The EFF claimed victory. As Wendy Seltzer, an attorney for EFF, explained: “We’re pleased that Diebold has retreated and the public is now free to continue its interrupted conversation over the accuracy of electronic voting machines.”
5.0 The Implications
For the short term, the debate about electronic voting is free to continue both on-line and off, but the future of copyright law and free speech on the Internet are far from clear. The current system for handling a copyright-infringement claim under the DMCA remains extremely controversial. The process involves several basic steps: first, the holder of the copyright claim sends a letter to the ISP alleging copyright infringement. On receipt of the letter, the ISP blocks access to the “infringing material” because doing so can make the ISP eligible for “safe-harbor” protection under the DMCA. After the allegedly infringing material is removed from the Internet, the ISP notifies the owner of the blocked site that the ISP received an allegation of copyright infringement.

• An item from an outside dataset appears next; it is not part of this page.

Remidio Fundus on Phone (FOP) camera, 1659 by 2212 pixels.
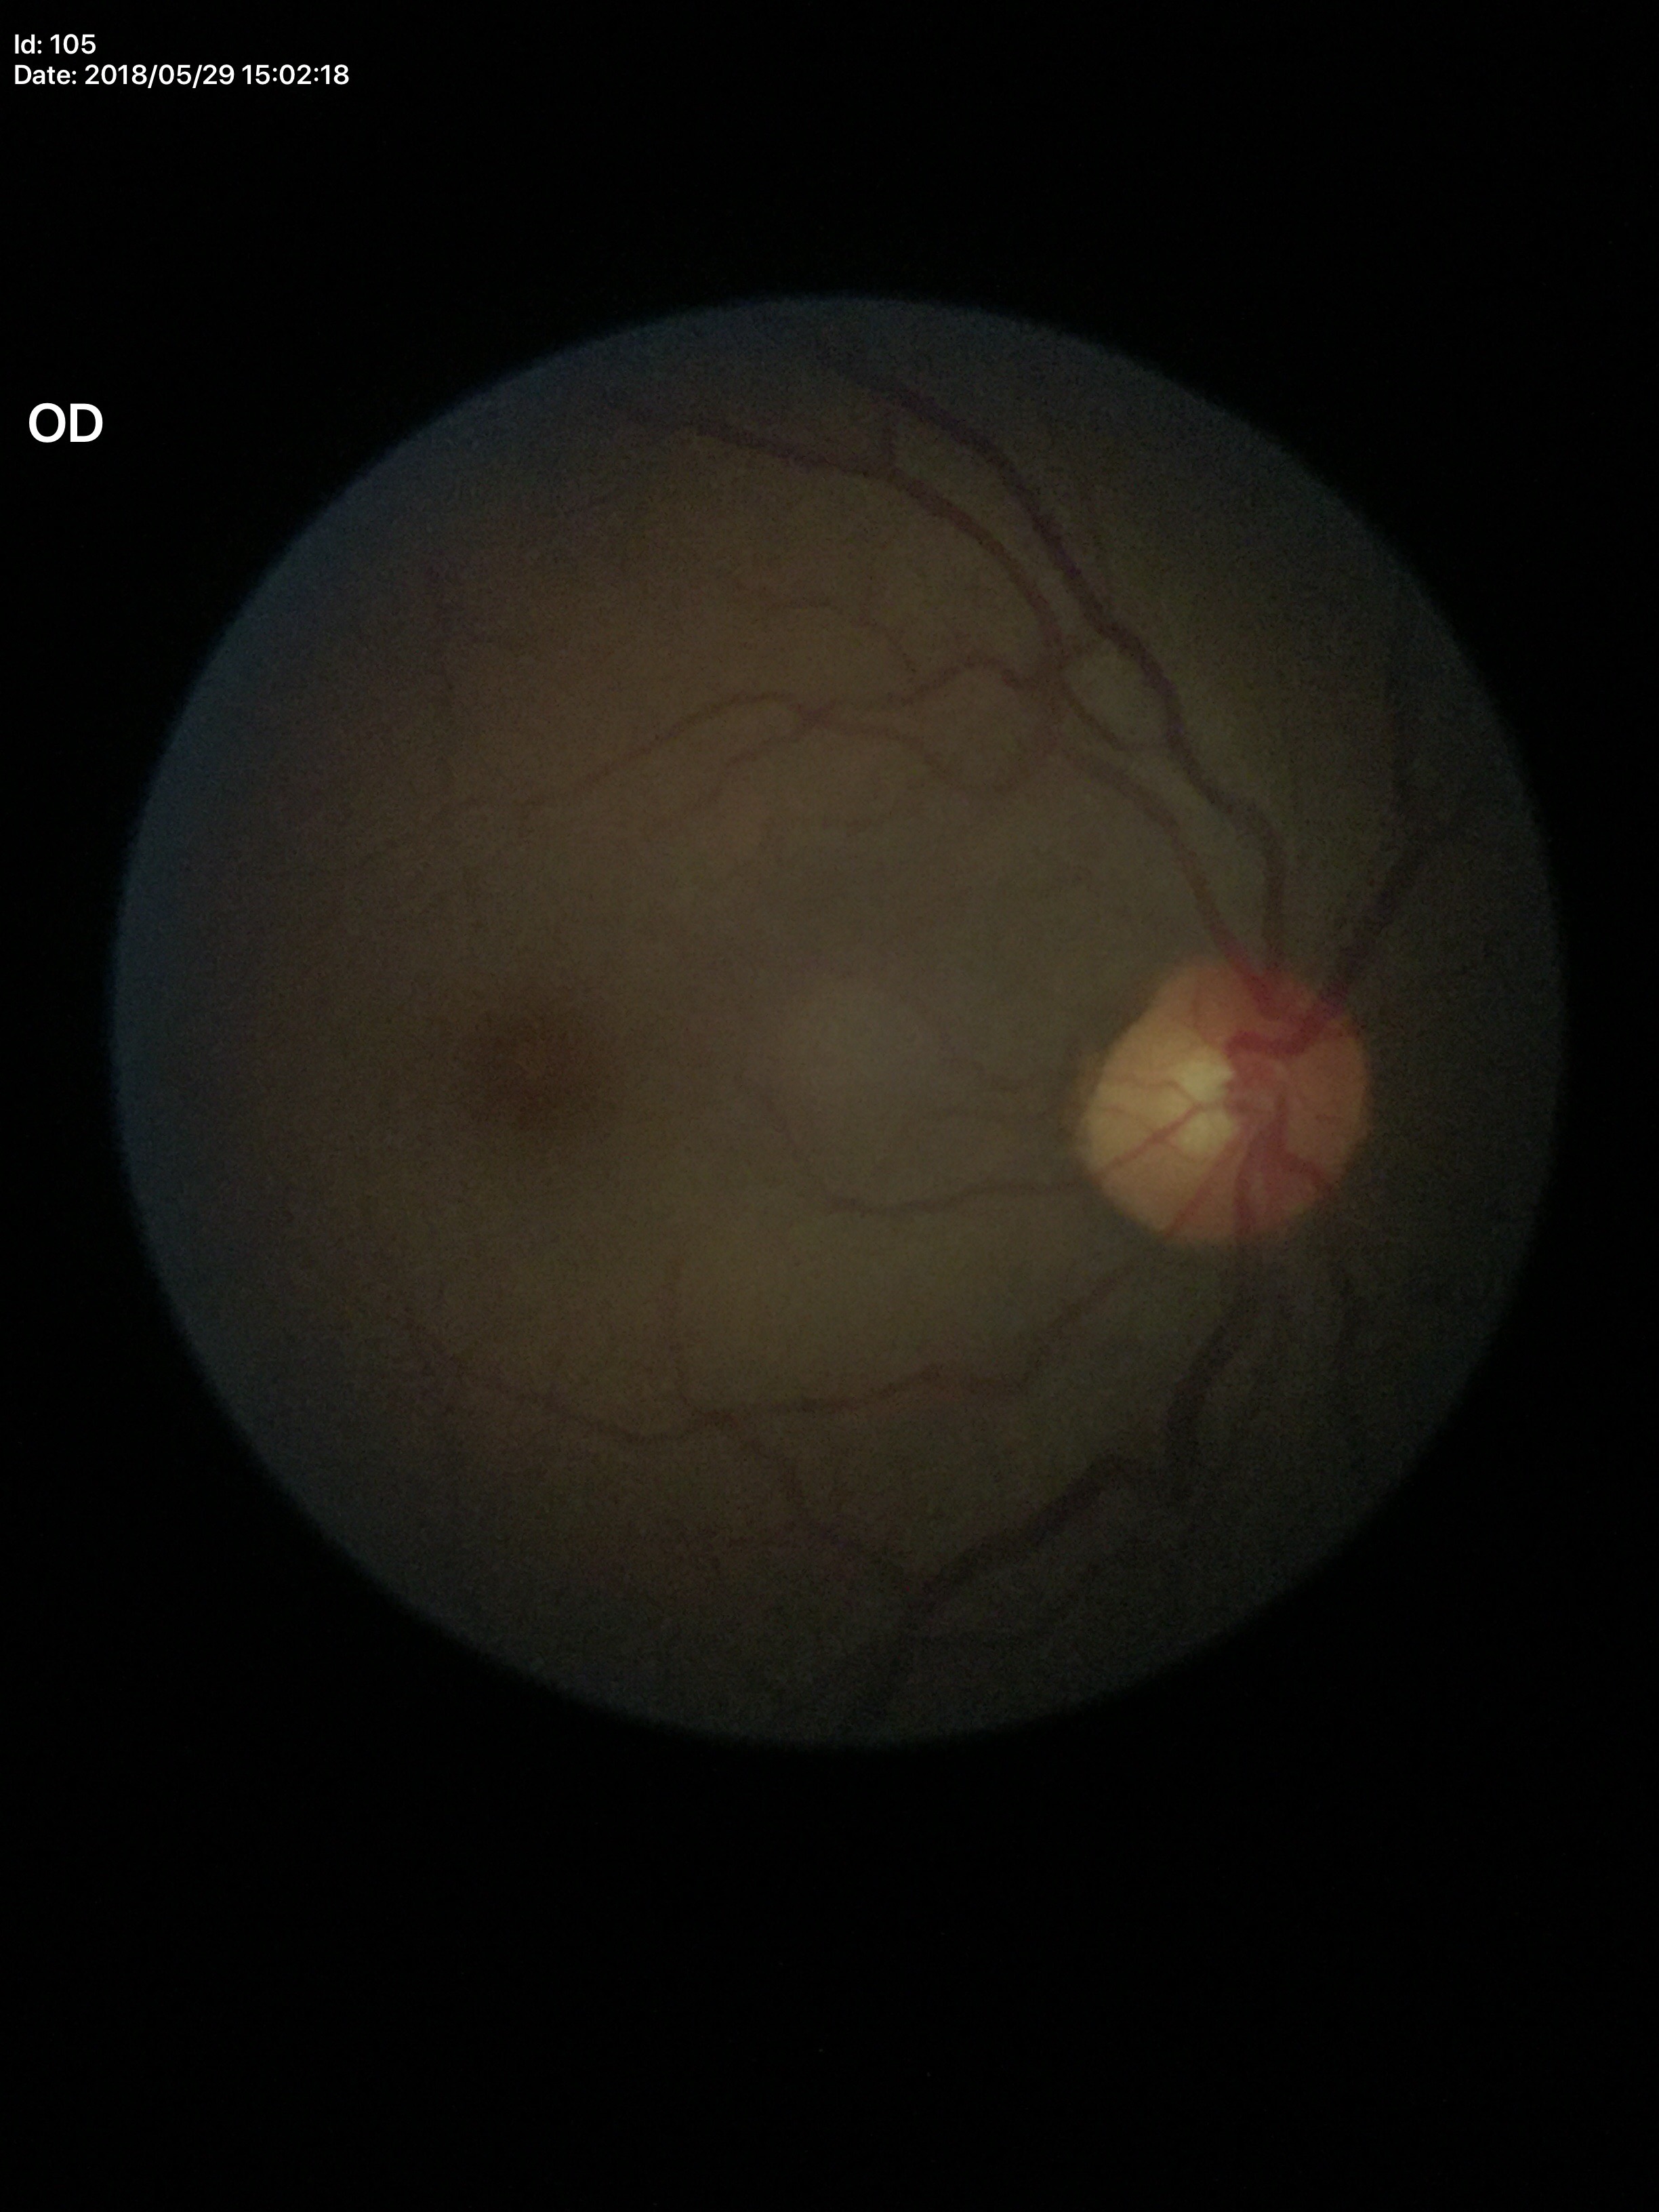 Glaucoma decision: negative. Vertical C/D ratio of 0.49.

This process is troubling to many observers for a few reasons. First, it defaults to an assumption that infringement has occurred. A company needs merely to send a cease-and-desist letter, and the material in question is, at least temporarily, suppressed. This swift process might be appropriate for a company whose top-40 song is being traded illegally online, but when it applies to political speech, the process is more problematic.
Second, the usual standards for suppressing speech are quite high—courts mediate the conflicting claims based on extensive legal precedents. The DMCA’s notice and takedown process short-circuits judicial review by allowing for the suppression of speech with only the interested parties mediating the dispute. These private parties have the power to determine what information is available to the public. The effect can be the suppression of speech in favor of those with access to legal expertise.
Third, the process gives little consideration to the limitations inherent in copyright law. The hundreds of sections of the federal copyright law contain many restrictions: copyright only applies to original works that are “fixed in a tangible medium of expression.” Even when these provisions are met, copyright is still limited according to the “fair-use” defense—a provision that carves out certain protected uses of copyrighted material. For example, “transformative” works – ones that add new expression, meaning, value, or information to an existing copyright-protected work – may be considered legal uses of the copyrighted material. The DMCA leaves little room for the consideration of this defense. As cases like this one continue to emerge and test the reaches of the DMCA, the delicate balance between protecting property rights and safeguarding basic freedoms is likely to become even more difficult.
In the meantime, the bloggers are happy. As part of the court settlement, Diebold agreed to send retractions of its cease-and-desist letters. Derek Slater, a Harvard student whose website was blocked because of such a letter, is delighted about the news: “I can hardly wait to get the retraction. I think I’ll frame it,” he adds, grinning.